| WHAT NEEDS TO BE DONE |
Each line in the entries that has the word "outdoors" has to be copied.

| Saved data entries |
:::
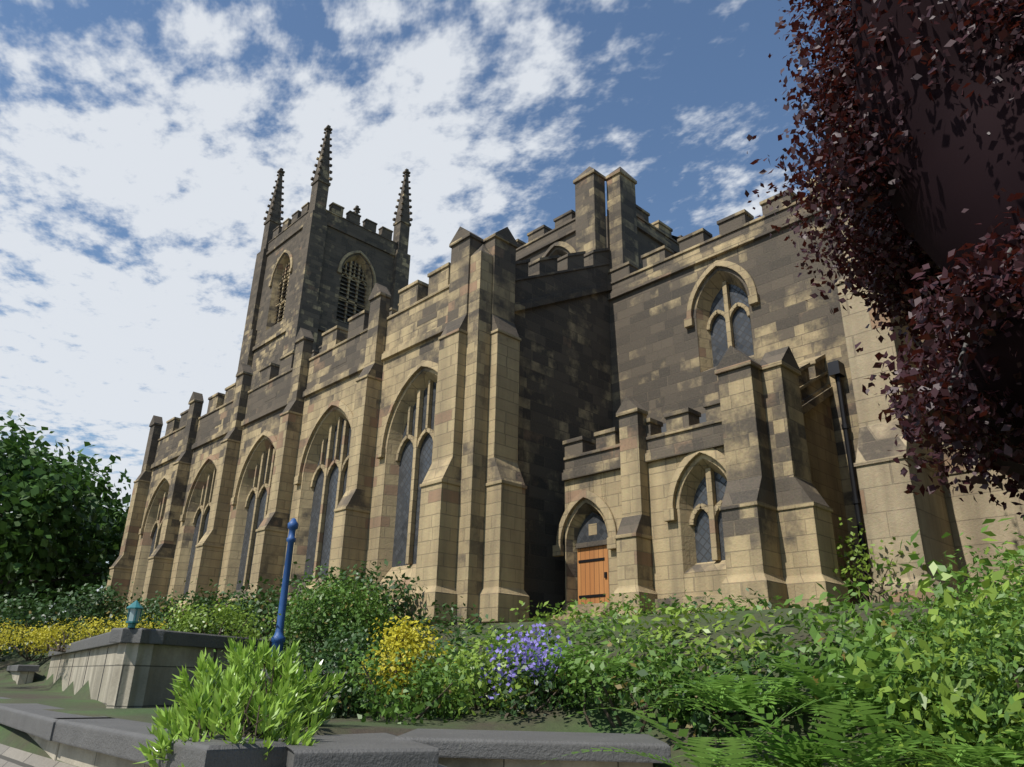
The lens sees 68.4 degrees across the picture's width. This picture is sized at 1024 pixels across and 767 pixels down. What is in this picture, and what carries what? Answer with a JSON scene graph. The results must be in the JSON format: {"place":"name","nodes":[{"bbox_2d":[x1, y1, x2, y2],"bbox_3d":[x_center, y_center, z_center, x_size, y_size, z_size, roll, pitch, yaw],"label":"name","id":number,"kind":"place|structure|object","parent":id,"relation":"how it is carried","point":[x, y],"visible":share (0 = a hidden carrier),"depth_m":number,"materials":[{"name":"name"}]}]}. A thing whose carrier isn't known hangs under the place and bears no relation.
{"place":"outdoors","nodes":[
{"label":"outdoors","id":0,"kind":"place"},
{"bbox_2d":[0,0,847,647],"label":"sky","id":1,"kind":"structure","parent":0,"point":[144,144],"materials":[{"name":"blue"}]},
{"bbox_2d":[0,597,1021,766],"bbox_3d":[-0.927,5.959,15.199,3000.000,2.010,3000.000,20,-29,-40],"label":"ground","id":2,"kind":"structure","parent":0,"point":[18,748],"depth_m":8.02,"materials":[{"name":"soil"}]},
{"bbox_2d":[0,608,22,661],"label":"shrub","id":3,"kind":"object","parent":2,"relation":"on","point":[8,650],"visible":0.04,"depth_m":29.43,"materials":[{"name":"green plant"}]},
{"bbox_2d":[0,618,27,651],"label":"yellow hedge","id":4,"kind":"object","parent":2,"relation":"on","point":[2,633],"depth_m":17.97,"materials":[{"name":"yellow plant"}]},
{"bbox_2d":[0,594,42,655],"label":"shrub","id":5,"kind":"object","parent":2,"relation":"on","point":[2,606],"depth_m":27.15,"materials":[{"name":"plant"}]},
{"bbox_2d":[0,621,60,654],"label":"yellow hedge","id":6,"kind":"object","parent":2,"relation":"on","point":[29,633],"depth_m":17.12,"materials":[{"name":"yellow plant"}]},
{"bbox_2d":[0,580,94,661],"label":"shrub","id":7,"kind":"object","parent":2,"relation":"on","point":[5,614],"depth_m":24.68,"materials":[{"name":"green plant"}]},
{"bbox_2d":[27,617,98,654],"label":"yellow hedge","id":8,"kind":"object","parent":2,"relation":"on","point":[56,638],"depth_m":16.60,"materials":[{"name":"yellow plant"}]},
{"bbox_2d":[0,410,130,614],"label":"tree","id":9,"kind":"object","parent":2,"relation":"on","point":[36,490],"depth_m":35.16,"materials":[{"name":"green plant"}]},
{"bbox_2d":[0,494,130,648],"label":"shrub","id":10,"kind":"object","parent":2,"relation":"on","point":[10,594],"visible":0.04,"depth_m":40.84,"materials":[{"name":"green plant"}]},
{"bbox_2d":[12,572,143,655],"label":"shrub","id":11,"kind":"object","parent":2,"relation":"on","point":[97,606],"depth_m":22.67,"materials":[{"name":"green plant"}]},
{"bbox_2d":[64,616,123,648],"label":"yellow hedge","id":12,"kind":"object","parent":2,"relation":"on","point":[93,629],"depth_m":15.75,"materials":[{"name":"yellow plant"}]},
{"bbox_2d":[68,596,128,642],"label":"shrub","id":13,"kind":"object","parent":2,"relation":"on","point":[113,609],"depth_m":27.67,"materials":[{"name":"green plant"}]},
{"bbox_2d":[70,590,144,640],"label":"shrub","id":14,"kind":"object","parent":2,"relation":"on","point":[108,606],"depth_m":25.55,"materials":[{"name":"green plant"}]},
{"bbox_2d":[102,613,169,633],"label":"yellow hedge","id":15,"kind":"object","parent":2,"relation":"on","point":[126,625],"visible":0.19,"depth_m":14.65,"materials":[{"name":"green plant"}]},
{"bbox_2d":[113,597,177,628],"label":"shrub","id":16,"kind":"object","parent":2,"relation":"on","point":[151,607],"visible":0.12,"depth_m":24.72,"materials":[{"name":"green plant"}]},
{"bbox_2d":[124,589,206,630],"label":"shrub","id":17,"kind":"object","parent":2,"relation":"on","point":[155,609],"depth_m":22.71,"materials":[{"name":"green plant"}]},
{"bbox_2d":[158,579,236,633],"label":"shrub","id":18,"kind":"object","parent":2,"relation":"on","point":[203,598],"visible":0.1,"depth_m":21.71,"materials":[{"name":"green plant"}]},
{"bbox_2d":[154,597,280,652],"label":"yellow green shrub","id":19,"kind":"object","parent":2,"relation":"on","point":[188,619],"depth_m":12.08,"materials":[{"name":"plant"}]},
{"bbox_2d":[169,579,269,636],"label":"shrub","id":20,"kind":"object","parent":2,"relation":"on","point":[228,597],"depth_m":19.46,"materials":[{"name":"green plant"}]},
{"bbox_2d":[177,657,292,723],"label":"bright bush","id":21,"kind":"object","parent":2,"relation":"on","point":[269,685],"visible":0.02,"depth_m":7.18,"materials":[{"name":"green plant"}]},
{"bbox_2d":[207,649,329,690],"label":"shrub","id":22,"kind":"object","parent":2,"relation":"on","point":[265,667],"visible":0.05,"depth_m":9.71,"materials":[{"name":"green plant"}]},
{"bbox_2d":[236,574,314,636],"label":"shrub","id":23,"kind":"object","parent":2,"relation":"on","point":[262,610],"depth_m":18.47,"materials":[{"name":"green plant"}]},
{"bbox_2d":[271,518,298,661],"bbox_3d":[-3.702,3.630,12.174,0.235,2.966,0.343,3,-22,-5],"label":"lamp post","id":24,"kind":"object","parent":2,"relation":"on","point":[278,638],"visible":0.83,"depth_m":12.27,"materials":[{"name":"blue metal"}]},
{"bbox_2d":[265,643,392,718],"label":"shrub","id":25,"kind":"object","parent":2,"relation":"on","point":[347,704],"depth_m":8.24,"materials":[{"name":"green plant"}]},
{"bbox_2d":[257,566,404,662],"bbox_3d":[-3.086,4.266,13.303,2.455,1.963,2.613,20,-29,-40],"label":"round bush","id":26,"kind":"object","parent":2,"relation":"on","point":[341,613],"depth_m":13.04,"materials":[{"name":"green plant"}]},
{"bbox_2d":[10,643,652,766],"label":"retaining wall","id":27,"kind":"structure","parent":2,"relation":"on","point":[137,675],"depth_m":10.13,"materials":[{"name":"stone"}]},
{"bbox_2d":[151,635,346,736],"bbox_3d":[-2.252,2.813,6.480,1.530,1.239,1.928,20,-29,-40],"label":"bright bush","id":28,"kind":"object","parent":27,"relation":"on","point":[262,654],"depth_m":6.37,"materials":[{"name":"green plant"}]},
{"bbox_2d":[0,627,670,766],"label":"wall coping","id":29,"kind":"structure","parent":27,"relation":"on","point":[119,738],"depth_m":5.65,"materials":[{"name":"stone"}]},
{"bbox_2d":[126,600,143,627],"bbox_3d":[-5.082,3.096,10.137,0.220,0.360,0.209,20,-29,-40],"label":"garden lantern","id":30,"kind":"object","parent":29,"relation":"on","point":[136,604],"depth_m":10.08,"materials":[{"name":"teal metal"}]},
{"bbox_2d":[132,664,324,766],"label":"bright bush","id":31,"kind":"object","parent":29,"relation":"on","point":[209,710],"depth_m":5.22,"materials":[{"name":"green plant"}]},
{"bbox_2d":[280,559,384,632],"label":"shrub","id":32,"kind":"object","parent":2,"relation":"on","point":[312,578],"depth_m":17.25,"materials":[{"name":"green plant"}]},
{"bbox_2d":[279,624,392,670],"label":"shrub","id":33,"kind":"object","parent":2,"relation":"on","point":[359,635],"depth_m":10.91,"materials":[{"name":"green plant"}]},
{"bbox_2d":[311,559,429,636],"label":"shrub","id":34,"kind":"object","parent":2,"relation":"on","point":[407,598],"depth_m":15.27,"materials":[{"name":"green plant"}]},
{"bbox_2d":[317,626,436,702],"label":"shrub","id":35,"kind":"object","parent":2,"relation":"on","point":[334,655],"depth_m":9.93,"materials":[{"name":"green plant"}]},
{"bbox_2d":[359,616,455,707],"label":"yellow shrub","id":36,"kind":"object","parent":2,"relation":"on","point":[409,638],"depth_m":8.90,"materials":[{"name":"yellow plant"}]},
{"bbox_2d":[327,643,495,724],"bbox_3d":[-1.111,3.351,8.102,1.604,1.033,1.836,20,-29,-40],"label":"shrub","id":37,"kind":"object","parent":2,"relation":"on","point":[418,704],"depth_m":7.87,"materials":[{"name":"green plant"}]},
{"bbox_2d":[380,596,487,649],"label":"shrub","id":38,"kind":"object","parent":2,"relation":"on","point":[422,621],"visible":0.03,"depth_m":13.49,"materials":[{"name":"green plant"}]},
{"bbox_2d":[362,643,507,712],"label":"shrub","id":39,"kind":"object","parent":2,"relation":"on","point":[442,659],"visible":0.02,"depth_m":8.74,"materials":[{"name":"green plant"}]},
{"bbox_2d":[399,622,536,672],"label":"shrub","id":40,"kind":"object","parent":2,"relation":"on","point":[457,636],"visible":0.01,"depth_m":11.14,"materials":[{"name":"green plant"}]},
{"bbox_2d":[447,618,510,634],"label":"shrub","id":41,"kind":"object","parent":2,"relation":"on","point":[491,620],"visible":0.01,"depth_m":12.76,"materials":[{"name":"green plant"}]},
{"bbox_2d":[413,622,547,718],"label":"shrub","id":42,"kind":"object","parent":2,"relation":"on","point":[487,668],"depth_m":8.16,"materials":[{"name":"green plant"}]},
{"bbox_2d":[104,125,872,635],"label":"church","id":43,"kind":"structure","parent":2,"relation":"on","point":[576,375],"depth_m":19.01,"materials":[{"name":"beige stone"}]},
{"bbox_2d":[143,261,753,597],"bbox_3d":[-4.257,-1.754,30.680,10.270,21.176,31.740,20,-29,-40],"label":"church leaded glass","id":44,"kind":"object","parent":43,"relation":"in","point":[742,333],"visible":0.31,"depth_m":19.38,"materials":[{"name":"grey glass"}]},
{"bbox_2d":[150,255,749,592],"bbox_3d":[-4.356,-1.801,30.595,10.642,21.196,31.835,20,-29,-40],"label":"church tracery","id":45,"kind":"object","parent":43,"relation":"in","point":[711,510],"visible":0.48,"depth_m":21.52,"materials":[{"name":"beige stone"}]},
{"bbox_2d":[577,512,609,604],"bbox_3d":[1.795,3.928,16.487,0.001,2.242,0.960,20,-29,-40],"label":"door","id":46,"kind":"structure","parent":43,"relation":"in","point":[592,580],"depth_m":16.42,"materials":[{"name":"brown wood"}]},
{"bbox_2d":[661,235,705,432],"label":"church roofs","id":47,"kind":"structure","parent":43,"relation":"on","point":[702,418],"depth_m":18.61,"materials":[{"name":"stone"}]},
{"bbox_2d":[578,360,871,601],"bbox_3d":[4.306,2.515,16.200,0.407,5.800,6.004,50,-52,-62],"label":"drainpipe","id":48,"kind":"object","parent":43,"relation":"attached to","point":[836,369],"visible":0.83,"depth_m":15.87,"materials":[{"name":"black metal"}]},
{"bbox_2d":[466,622,593,719],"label":"purple flower","id":49,"kind":"object","parent":2,"relation":"on","point":[543,696],"depth_m":7.91,"materials":[{"name":"plant"}]},
{"bbox_2d":[502,603,569,621],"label":"shrub","id":50,"kind":"object","parent":2,"relation":"on","point":[540,613],"depth_m":15.09,"materials":[{"name":"green plant"}]},
{"bbox_2d":[458,599,686,683],"bbox_3d":[0.840,3.987,9.934,3.410,2.190,3.450,20,-29,-40],"label":"shrub","id":51,"kind":"object","parent":2,"relation":"on","point":[595,622],"visible":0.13,"depth_m":9.69,"materials":[{"name":"green plant"}]},
{"bbox_2d":[507,593,683,636],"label":"shrub","id":52,"kind":"object","parent":2,"relation":"on","point":[574,612],"visible":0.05,"depth_m":11.64,"materials":[{"name":"green plant"}]},
{"bbox_2d":[558,593,668,617],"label":"shrub","id":53,"kind":"object","parent":2,"relation":"on","point":[629,604],"visible":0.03,"depth_m":13.67,"materials":[{"name":"green plant"}]},
{"bbox_2d":[546,638,713,731],"bbox_3d":[1.183,3.020,7.381,1.430,1.013,1.756,20,-29,-40],"label":"shrub","id":54,"kind":"object","parent":2,"relation":"on","point":[581,672],"depth_m":7.27,"materials":[{"name":"green plant"}]},
{"bbox_2d":[561,601,822,707],"bbox_3d":[2.336,3.489,8.679,3.360,1.975,3.261,20,-29,-40],"label":"shrub","id":55,"kind":"object","parent":2,"relation":"on","point":[666,633],"depth_m":8.58,"materials":[{"name":"green plant"}]},
{"bbox_2d":[628,588,774,614],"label":"shrub","id":56,"kind":"object","parent":2,"relation":"on","point":[709,608],"visible":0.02,"depth_m":11.92,"materials":[{"name":"green plant"}]},
{"bbox_2d":[637,593,786,623],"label":"shrub","id":57,"kind":"object","parent":2,"relation":"on","point":[732,603],"visible":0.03,"depth_m":10.52,"materials":[{"name":"green plant"}]},
{"bbox_2d":[596,632,887,753],"bbox_3d":[2.328,3.226,6.940,2.630,1.805,3.356,20,-29,-40],"label":"shrub","id":58,"kind":"object","parent":2,"relation":"on","point":[702,723],"depth_m":6.72,"materials":[{"name":"green plant"}]},
{"bbox_2d":[475,625,1023,766],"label":"ferns","id":59,"kind":"object","parent":2,"relation":"on","point":[742,696],"visible":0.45,"depth_m":4.71,"materials":[{"name":"green plant"}]},
{"bbox_2d":[720,579,961,714],"bbox_3d":[3.551,3.002,7.411,3.291,1.980,3.214,20,-29,-40],"label":"shrub","id":60,"kind":"object","parent":2,"relation":"on","point":[844,604],"visible":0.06,"depth_m":7.38,"materials":[{"name":"green plant"}]},
{"bbox_2d":[833,517,915,603],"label":"shrub","id":61,"kind":"object","parent":2,"relation":"on","point":[853,571],"depth_m":13.15,"materials":[{"name":"green plant"}]},
{"bbox_2d":[789,596,977,613],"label":"shrub","id":62,"kind":"object","parent":2,"relation":"on","point":[790,612],"depth_m":8.82,"materials":[{"name":"green plant"}]},
{"bbox_2d":[778,517,1023,766],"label":"shrub","id":63,"kind":"object","parent":2,"relation":"on","point":[834,651],"depth_m":5.54,"materials":[{"name":"green plant"}]},
{"bbox_2d":[820,531,1023,766],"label":"shrub","id":64,"kind":"object","parent":2,"relation":"on","point":[950,692],"depth_m":4.49,"materials":[{"name":"green plant"}]},
{"bbox_2d":[830,77,1023,602],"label":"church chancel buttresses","id":65,"kind":"structure","parent":2,"relation":"on","point":[890,508],"depth_m":13.73,"materials":[{"name":"beige stone"}]},
{"bbox_2d":[852,532,1023,745],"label":"shrub","id":66,"kind":"object","parent":2,"relation":"on","point":[922,629],"depth_m":5.40,"materials":[{"name":"green plant"}]},
{"bbox_2d":[889,517,1023,766],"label":"shrub","id":67,"kind":"object","parent":2,"relation":"on","point":[997,705],"depth_m":4.20,"materials":[{"name":"green plant"}]},
{"bbox_2d":[977,603,1023,766],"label":"shrub","id":68,"kind":"object","parent":2,"relation":"on","point":[994,760],"visible":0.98,"depth_m":3.40,"materials":[{"name":"green plant"}]},
{"bbox_2d":[948,247,1011,393],"bbox_3d":[8.152,-3.896,9.474,8.643,16.751,6.860,1,-22,0],"label":"trunk","id":69,"kind":"object","parent":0,"point":[964,349],"visible":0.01,"depth_m":6.68,"materials":[{"name":"brown plant"}]},
{"bbox_3d":[11.550,-7.685,7.441,13.539,14.886,12.404,20,-29,-40],"label":"copper beech","id":70,"kind":"object","parent":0,"visible":0},
{"bbox_2d":[745,0,1023,370],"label":"tree","id":71,"kind":"object","parent":70,"relation":"attached to","point":[835,98],"depth_m":8.11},
{"bbox_2d":[855,188,1023,517],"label":"copper beech sprays","id":72,"kind":"object","parent":70,"relation":"on","point":[967,309],"visible":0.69,"depth_m":6.44,"materials":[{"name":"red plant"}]},
{"bbox_2d":[958,290,1023,482],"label":"tree foliage","id":73,"kind":"object","parent":70,"relation":"attached to","point":[1000,345],"visible":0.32,"depth_m":6.39,"materials":[{"name":"purple plant"}]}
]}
:::
| REPLY |
{"place":"outdoors","nodes":[
{"label":"outdoors","id":0,"kind":"place"},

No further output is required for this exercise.